Photo: Amy Enchelmeyer/Smithsonian's National Zoo

After a two-year hiatus, red pandas are back at Smithsonian’s National Zoo. The new pair, Tusa and Asa, will serve as “ambassadors” for their endangered species.

Tusa, a 1-year-old male, was brought from the Scovill Zoo in Illinois. Keepers say he has “an easygoing personality and a healthy appetite, especially for fruit.” Asa, a 1-year-old female born at the Smithsonian Conservation Biology Institute in Front Royal, is “sweet and timid.” She likes bamboo, grapes, and apples but not bananas.

Communications manager Annalisa Meyer says the two red pandas have been introduced and are “getting along great”–but not too great. The Species Survival Plan, which works to ensure biodiversity among animals in human care, has recommended that these two not mate for the time being. They will be kept in separate enclosures for the winter breeding season and moved into a shared space in the spring.

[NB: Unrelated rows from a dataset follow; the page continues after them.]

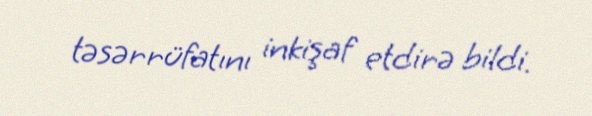
təsərrüfatını inkişaf etdirə bildi.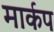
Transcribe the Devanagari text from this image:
मार्कप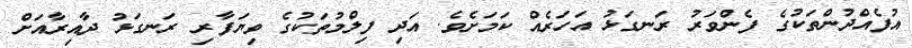
އުފެއްދުންތަކުގެ ފެންވަރު ރަނގަޅު އަހަރެއް ކަމަށެވެ. އަދި ފިލްމުތަކުގެ ވިޔަފާރި ރަނގަޅު ދާއިރާއަށް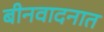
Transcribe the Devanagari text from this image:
बीनवादनात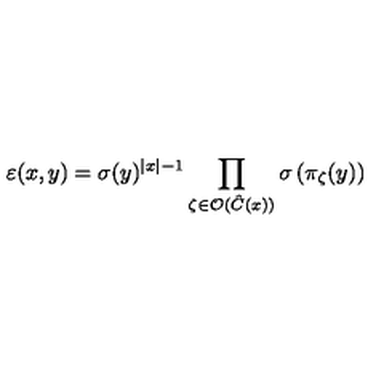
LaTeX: \varepsilon ( x , y ) = \sigma ( y ) ^ { \left| x \right| - 1 } \prod _ { \zeta \in \mathcal { O } ( \hat { C } ( x ) ) } \sigma \left( \pi _ { \zeta } ( y ) \right)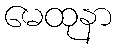
မေထုနာ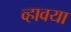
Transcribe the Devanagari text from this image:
व्हावया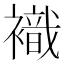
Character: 𧝊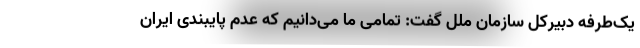
یک‌طرفه دبیرکل سازمان ملل گفت: تمامی ما می‌دانیم که عدم پایبندی ایران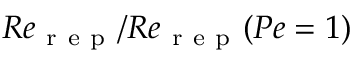
R e _ { \mathrm { ~ r ~ e ~ p ~ } } / R e _ { \mathrm { ~ r ~ e ~ p ~ } } ( P e = 1 )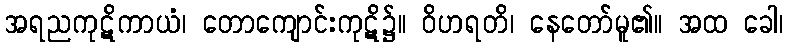
အရညကုဋိကာယံ၊ တောကျောင်းကုဋိ၌။ ဝိဟရတိ၊ နေတော်မူ၏။ အထ ခေါ၊
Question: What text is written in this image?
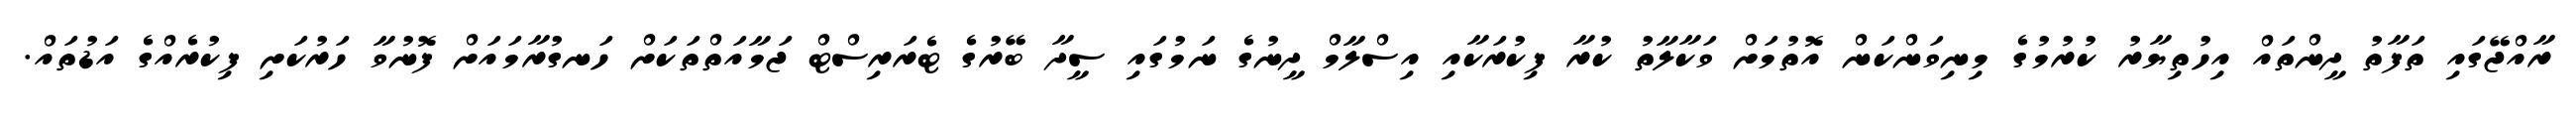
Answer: ރާއްޖޭގައި ތަފާތު ދީންތައް އިހުތިޔާރު ކުރުމުގެ މިނިވަންކަން އޮތުމަށް ވަކާލާތު ކުރާ ފިކުރަކާއި އިސްލާމް ދީނުގެ ނަމުގައި ސީދާ ބޭރުގެ ޓެރަރިސްޓް ޖަމާއަތްތަކަށް ހަނގުރާމައަށް ފޮނުވާ ހަރުކަށި ފިކުރެއްގެ އަޑުތައް.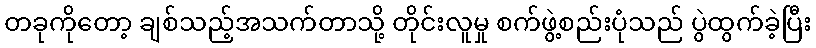
တခုကိုတော့ ချစ်သည့်အသက်တာသို့ တိုင်းလူမှု စက်ဖွဲ့စည်းပုံသည် ပွဲထွက်ခဲ့ပြီး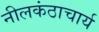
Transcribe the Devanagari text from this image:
नीलकंठाचार्य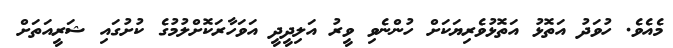
މެއެވެ. ހުވަދު އަތޮޅު އަތޮޅުވެރިޔަކަށް ހުންނެވި ވީރު އަލިދީދީ އަވަހާރަކޮށްލުމުގެ ކުށުގައި ޝަރީއަތަށް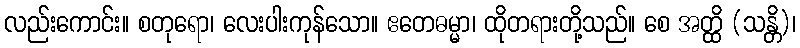
လည်းကောင်း။ စတုရော၊ လေးပါးကုန်သော။ ဧတေဓမ္မာ၊ ထိုတရားတို့သည်။ စေ အတ္ထိ (သန္တိ)၊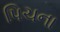
પિચના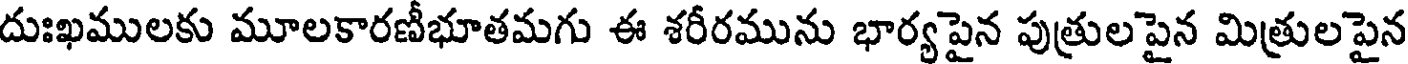
దుఃఖములకు మూలకారణీభూతమగు ఈ శరీరమును భార్యపైన పుత్రులపైన మిత్రులపైన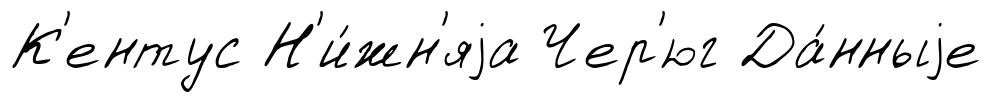
К'ентус Н'и́жн'яjа Чер'юг Да́нныjе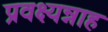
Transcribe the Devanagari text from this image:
प्रवक्ष्यन्नाह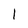
Character: 1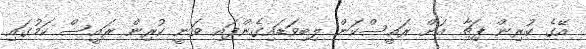
އޭގެ ކުރިން ޕިޗާ އަށް ރައީސްކަން ލިބިވަޑައިގެންފައި ވަނީ ކުރިން ރައީސް ކަމުގައި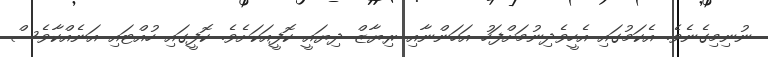
ނުނިމިގެނެވެ. އެކަމުގައި އެހީވެދިނުމަށްފަހު އަހަންނާއި ރިޔާޒް ދިޔައީ ކޮފީއަކަށެވެ. ކޮފީގައި ހުއްޓައި އަނެއްކާވެސް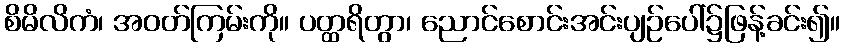
စိမိလိကံ၊ အဝတ်ကြမ်းကို။ ပတ္ထရိတွာ၊ ညောင်စောင်းအင်းပျဉ်ပေါ်၌ဖြန့်ခင်း၍။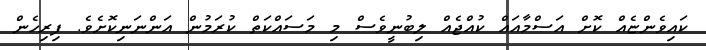
ކައިވެންޏެއް ކޮށް އަސްމާއައް ކުއްޖެއް ލިބުނީވެސް މި މަސައްކަތް ކުރަމުން އަންނަނިކޮށެވެ. ފިރިހެން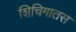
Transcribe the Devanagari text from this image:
शिचिगातस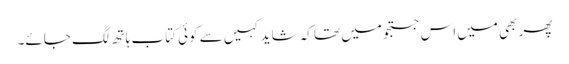
پھر بھی میں اس جستجو میں تھا کہ شاید کہیں سے کوئی کتاب ہاتھ لگ جائے۔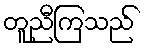
တူညီကြသည်
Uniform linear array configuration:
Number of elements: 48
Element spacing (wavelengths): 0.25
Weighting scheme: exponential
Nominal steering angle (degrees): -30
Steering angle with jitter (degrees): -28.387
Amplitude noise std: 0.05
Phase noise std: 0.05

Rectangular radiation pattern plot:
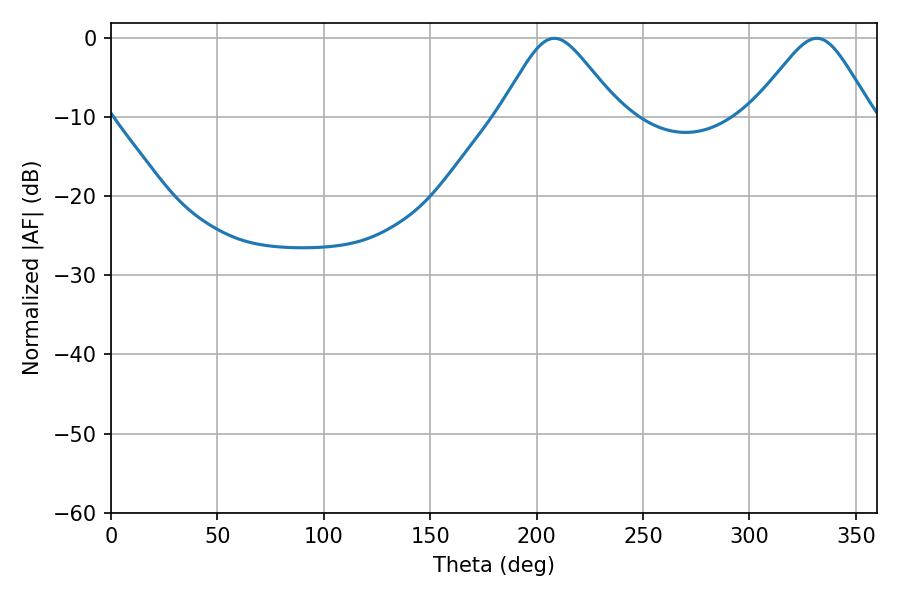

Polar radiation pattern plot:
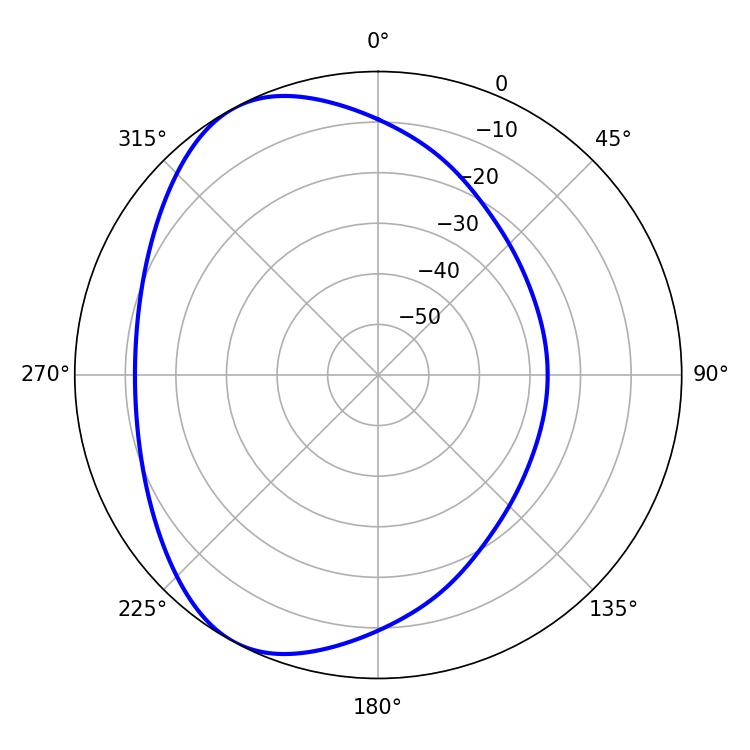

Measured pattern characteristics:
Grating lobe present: FALSE
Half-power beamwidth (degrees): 27.36
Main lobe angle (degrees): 331.74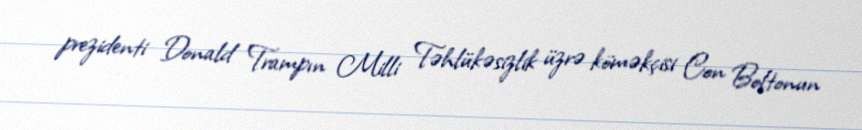
prezidenti Donald Trampın Milli Təhlükəsizlik üzrə köməkçisi Con Boltonun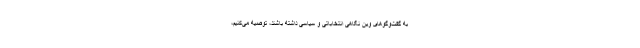
به گفت‌وگوهای وین نگاهی انتخاباتی و سیاسی داشته باشند، توصیه می‌کنیم،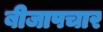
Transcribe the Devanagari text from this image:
बीजापचार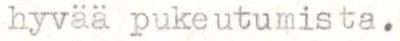
hyvää pukeutumista.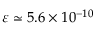
\varepsilon \simeq 5 . 6 \times 1 0 ^ { - 1 0 }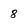
Character: 8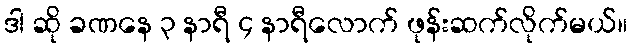
ဒါ ဆို ခဏနေ ၃ နာရီ ၄ နာရီလောက် ဖုန်းဆက်လိုက်မယ်။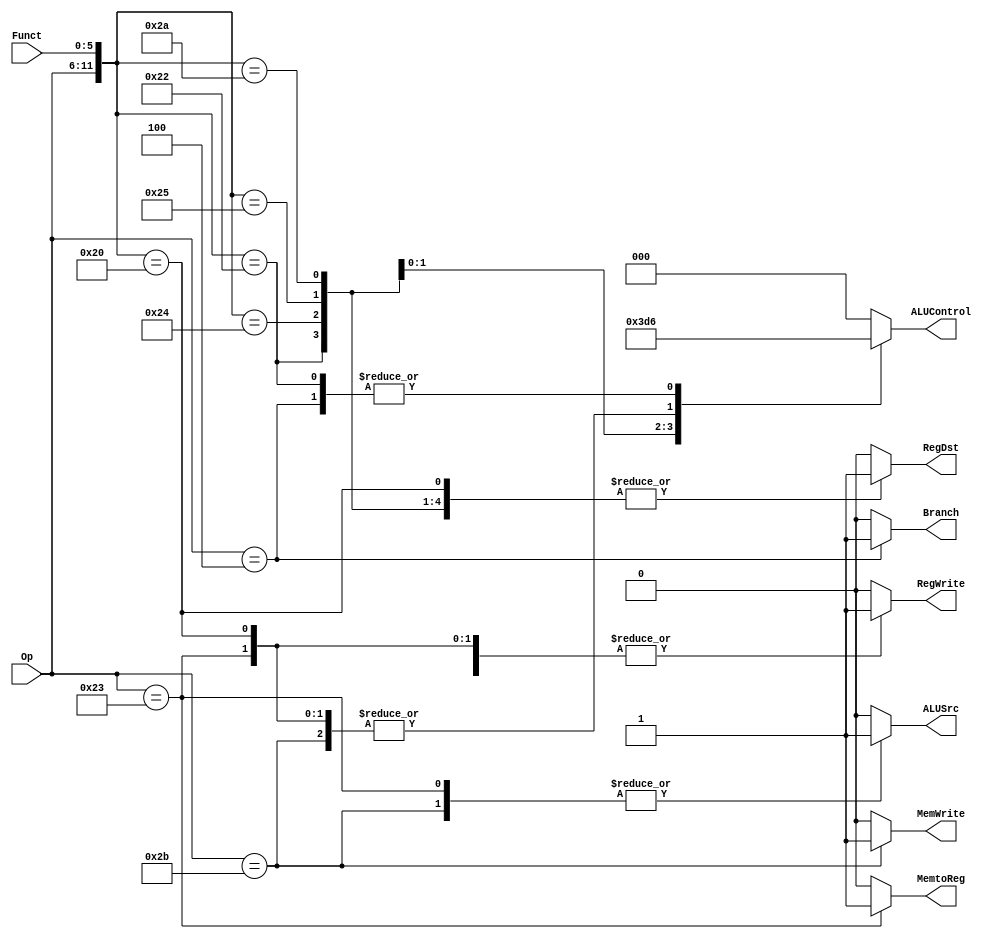
`timescale 1ns / 1ps
//////////////////////////////////////////////////////////////////////////////////
// Company: 
// Engineer: 
// 
// Design Name: 
// Module Name:    Control_Unit 
// Project Name: 
// Target Devices: 
// Tool versions: 
// Description: 
//
// Dependencies: 
//
// Revision: 
// Revision 0.01 - File Created
// Additional Comments: 
//
//////////////////////////////////////////////////////////////////////////////////
module Control_Unit(
	input [5:0]Op,
	input [5:0]Funct,
	output reg RegWrite,
	output reg RegDst,
	output reg ALUSrc,
	output reg [2:0]ALUControl,
	output reg Branch,
	output reg MemWrite,
	output reg MemtoReg
    );
	always@(*)
	begin
		RegDst=0;
		ALUSrc=0;
		MemtoReg=0;
		RegWrite=0;
		MemWrite=0;
		Branch=0;
		ALUControl=0;
	casex({Op,Funct})
		12'b000000_100000: begin//add
		RegDst=1;
		RegWrite=1;
		ALUControl=3'b010;
		end
		12'b000000_100010: begin//sub
		RegDst=1;
		RegWrite=1;
		ALUControl=3'b110;
		end
		12'b000000_100100: begin//and
		RegDst=1;
		RegWrite=1;
		ALUControl=3'b000;
		end
		12'b000000_100101: begin//or
		RegDst=1;
		RegWrite=1;
		ALUControl=3'b001;
		end
		12'b000000_101010: begin//slt
		RegDst=1;
		RegWrite=1;
		ALUControl=3'b111;
		end
		12'b100011_xxxxxx: begin//lw
		ALUSrc=1;
		MemtoReg=1;
		RegWrite=1;
		ALUControl=3'b010;
		end
		12'b101011_xxxxxx: begin//sw
		ALUSrc=1;
		MemWrite=1;
		ALUControl=3'b010;
		end
		12'b000100_xxxxxx: begin//beq
		Branch=1;
		ALUControl=3'b110;
		end
		default:;
	endcase
	end
endmodule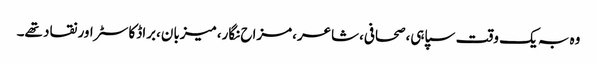
وہ بہ یک وقت سپاہی،صحافی،شاعر،مزاح نگار،میزبان،براڈکاسٹر اور نقاد تھے۔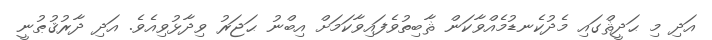
އަދި މި ޙަދީޘްގައި މެދުކެނޑުމެއްވާކަން ޘާބިތުވެފައިވާކަމަށް އިބްނު ޙަޖަރު ވިދާޅުވިއެވެ. އަދި ދާރުޤުޠުނީ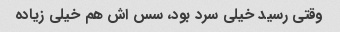
وقتی رسید خیلی سرد بود، سس اش هم خیلی زیاده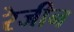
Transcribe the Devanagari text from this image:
रेजीन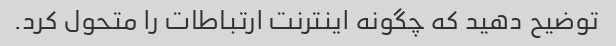
توضیح دهید که چگونه اینترنت ارتباطات را متحول کرد.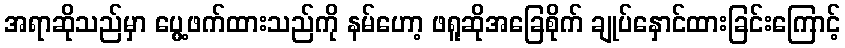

The zoo’s last red panda pair made headlines when the male, Rusty, escaped in 2013. His mate Shama has since passed away, but the famous Rusty is still at the SCBI, doing his part for the species. “He’s still here, he’s just making babies,” says Meyer. She notes that the new pair will be kept in a different home than the one Rusy manuevered his way out of, adding that “all our enclosures are safe and secure.”

You can visit Tusa and Asa at the Small Mammal House, where they will live until construction is finished on the Asia Trail.